I've never heard of mild pressure causing a HDD to fail, but seen it several times with flash disks. However, that said you could throw one off a 20th story balcony and it would work fine after hitting the ground.
This is very interesting. However, the OP's idea of "failure" is when something goes wrong with the system -- in this case, ext3 detected an error when trying to write to its journal. It's possible that silent data corruption occurred much earlier. If the OP reads this, I'd love to see the experiment repeated, with the added step of verifying the written data every time it's written.
That is, you would dd a random bit pattern to disk.

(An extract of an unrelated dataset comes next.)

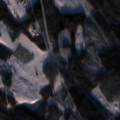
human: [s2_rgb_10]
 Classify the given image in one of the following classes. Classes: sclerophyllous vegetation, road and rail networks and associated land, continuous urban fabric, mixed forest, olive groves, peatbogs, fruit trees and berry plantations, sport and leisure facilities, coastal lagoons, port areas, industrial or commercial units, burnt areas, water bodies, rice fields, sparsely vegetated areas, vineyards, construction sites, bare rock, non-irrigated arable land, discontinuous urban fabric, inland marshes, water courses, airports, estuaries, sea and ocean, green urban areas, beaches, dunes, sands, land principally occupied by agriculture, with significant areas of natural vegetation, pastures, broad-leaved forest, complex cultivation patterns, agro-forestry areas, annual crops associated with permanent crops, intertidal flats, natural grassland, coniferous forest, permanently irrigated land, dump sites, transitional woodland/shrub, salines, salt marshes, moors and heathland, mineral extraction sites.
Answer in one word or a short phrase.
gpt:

Then you would read it back and XOR it with the pristine pattern you know you wrote. If you see any difference, you've got a much scarier kind of failure than the fail-stop behavior exhibited in the post.
Also, does the OP know whether any write buffering is going on? That could explain why some writes took much longer than others -- when the write actually goes to disk, it would take much longer than when it gets cached in memory. Use the "sync" command between each write to make everything go right to disk (I think?).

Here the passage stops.